Read through the records below and copy each line that uses the word "will".

▶ Records from a collection
* * *

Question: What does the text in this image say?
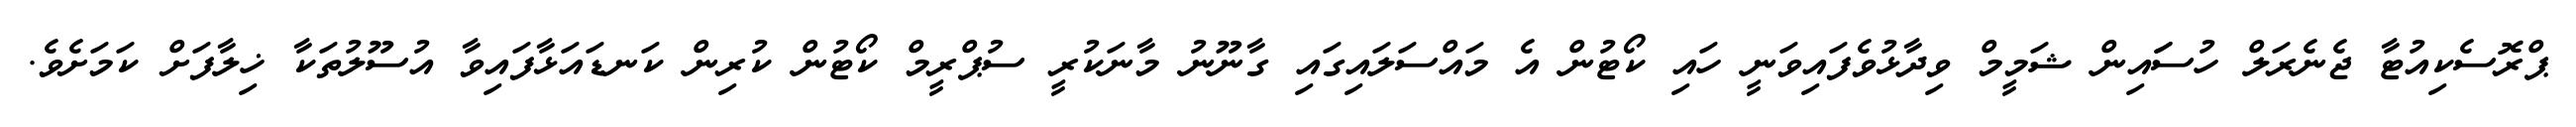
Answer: ޕްރޮސެކިއުޓާ ޖެނެރަލް ހުސަައިން ޝަމީމް ވިދާޅުވެފައިވަނީ ހައި ކޯޓުން އެ މައްސަލައިގައި ގާނޫނު މާނަކުރީ ސުޕްރީމް ކޯޓުން ކުރިން ކަނޑައަޅާފައިވާ އުސޫލުތަކާ ޚިލާފަށް ކަމަށެވެ.
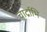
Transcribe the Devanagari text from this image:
चार्द्राभि
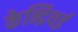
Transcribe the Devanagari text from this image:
केन्द्रिथई
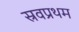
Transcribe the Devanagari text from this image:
स्रवप्रथम
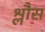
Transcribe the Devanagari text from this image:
श्लौस
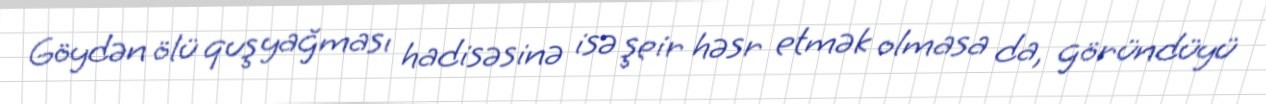
Göydən ölü quş yağması hadisəsinə isə şeir həsr etmək olmasa da, göründüyü
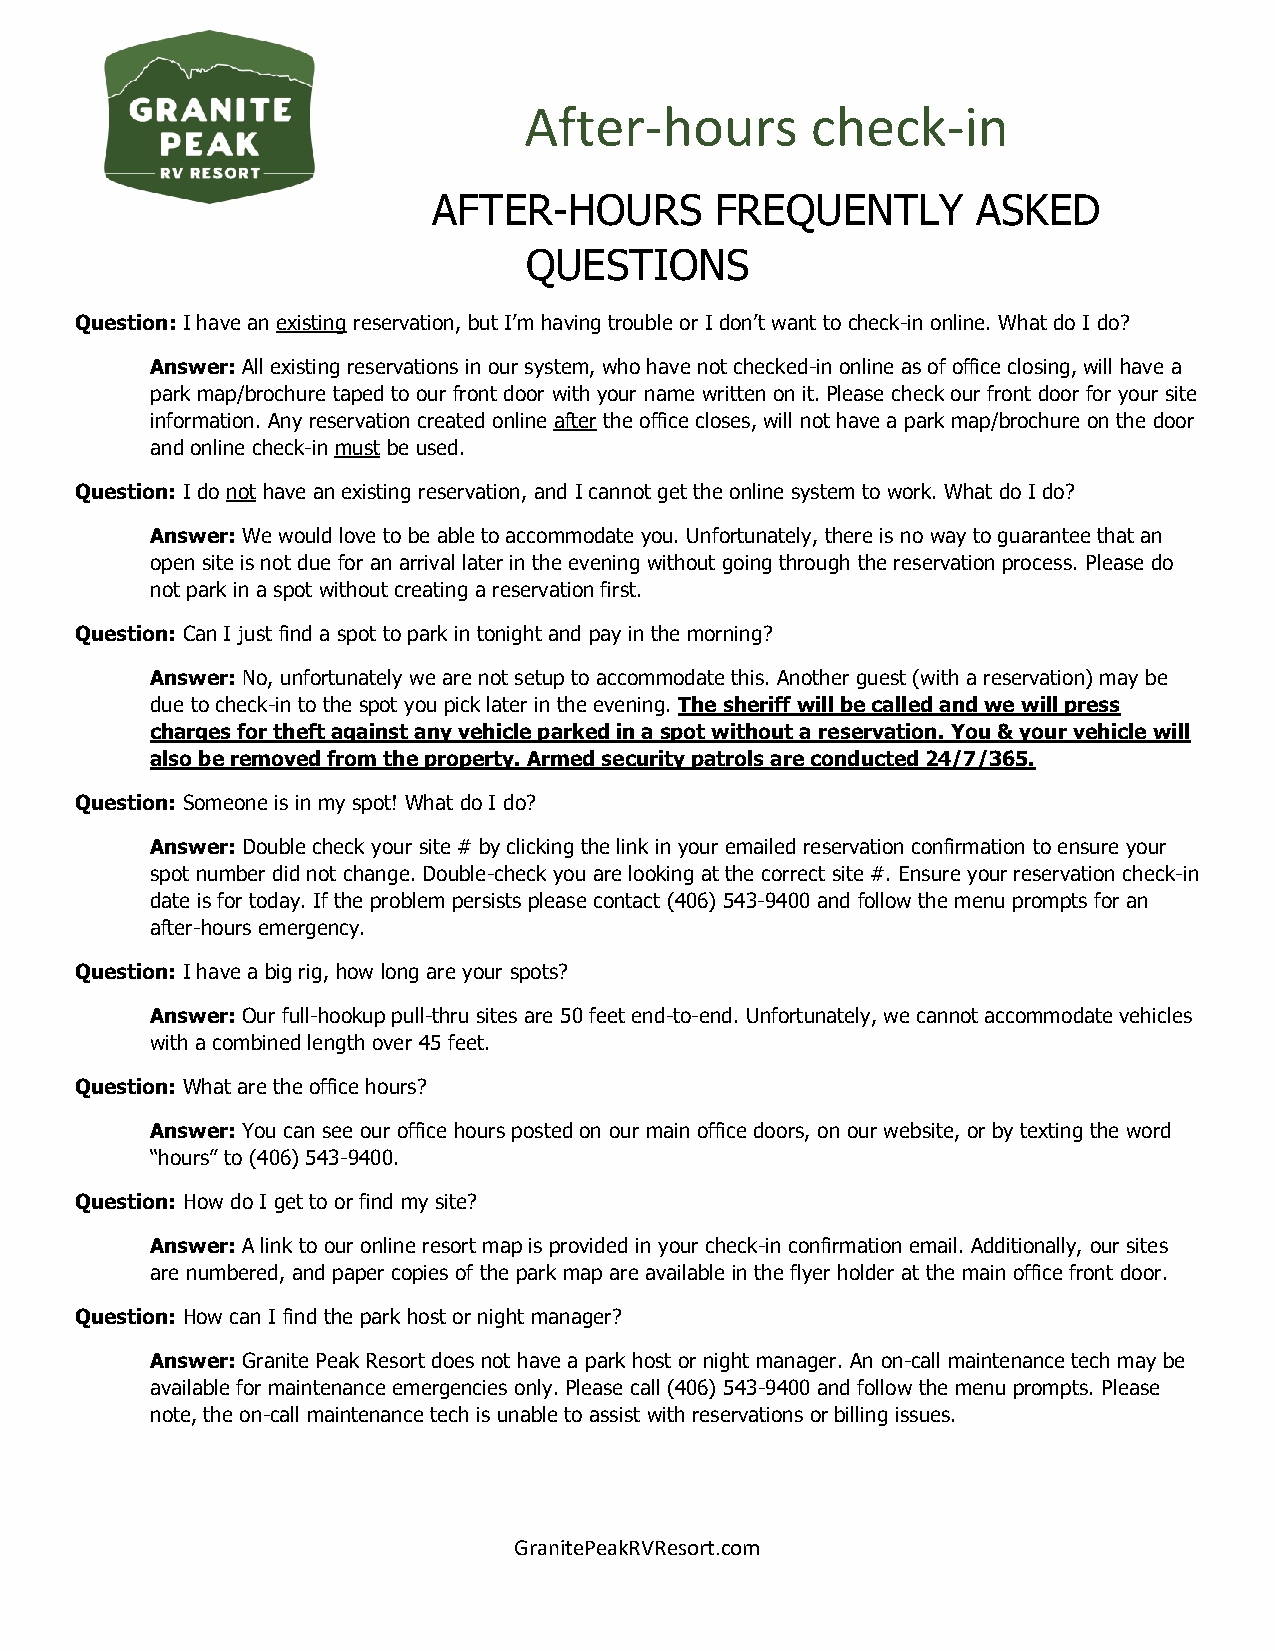
After-hours        check-in
 AFTER-HOURS       FREQUENTLY        ASKED
 QUESTIONS
 Question: I have an existing reservation, but I’m having trouble or I don’t want to check-in online. What do I do?
 Answer: All existing reservations in our system, who have not checked-in online as of office closing, will have a
 park map/brochure taped to our front door with your name written on it. Please check our front door for your site
 information. Any reservation created online after the office closes, will not have a park map/brochure on the door
 and online check-in must be used.
 Question: I do not have an existing reservation, and I cannot get the online system to work. What do I do?
 Answer: We would love to be able to accommodate you. Unfortunately, there is no way to guarantee that an
 open site is not due for an arrival later in the evening without going through the reservation process. Please do
 not park in a spot without creating a reservation first.
 Question: Can I just find a spot to park in tonight and pay in the morning?
 Answer: No, unfortunately we are not setup to accommodate this. Another guest (with a reservation) may be
 due to check-in to the spot you pick later in the evening. The sheriff will be called and we will press
 charges for theft against any vehicle parked in a spot without a reservation. You & your vehicle will
 also be removed from the property. Armed security patrols are conducted 24/7/365.
 Question: Someone is in my spot! What do I do?
 Answer: Double check your site # by clicking the link in your emailed reservation confirmation to ensure your
 spot number did not change. Double-check you are looking at the correct site #. Ensure your reservation check-in
 date is for today. If the problem persists please contact (406) 543-9400 and follow the menu prompts for an
 after-hours emergency.
 Question: I have a big rig, how long are your spots?
 Answer: Our full-hookup pull-thru sites are 50 feet end-to-end. Unfortunately, we cannot accommodate vehicles
 with a combined length over 45 feet.
 Question: What are the office hours?
 Answer: You can see our office hours posted on our main office doors, on our website, or by texting the word
 “hours” to (406) 543-9400.
 Question: How do I get to or find my site?
 Answer: A link to our online resort map is provided in your check-in confirmation email. Additionally, our sites
 are numbered, and paper copies of the park map are available in the flyer holder at the main office front door.
 Question: How can I find the park host or night manager?
 Answer: Granite Peak Resort does not have a park host or night manager. An on-call maintenance tech may be
 available for maintenance emergencies only. Please call (406) 543-9400 and follow the menu prompts. Please
 note, the on-call maintenance tech is unable to assist with reservations or billing issues.
 GranitePeakRVResort.com
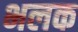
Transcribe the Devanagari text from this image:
भलक

* * *

▶ YOUR RESPONSE
 Answer: All existing reservations in our system, who have not checked-in online as of office closing, will have a
 information. Any reservation created online after the office closes, will not have a park map/brochure on the door
 due to check-in to the spot you pick later in the evening. The sheriff will be called and we will press
 charges for theft against any vehicle parked in a spot without a reservation. You & your vehicle will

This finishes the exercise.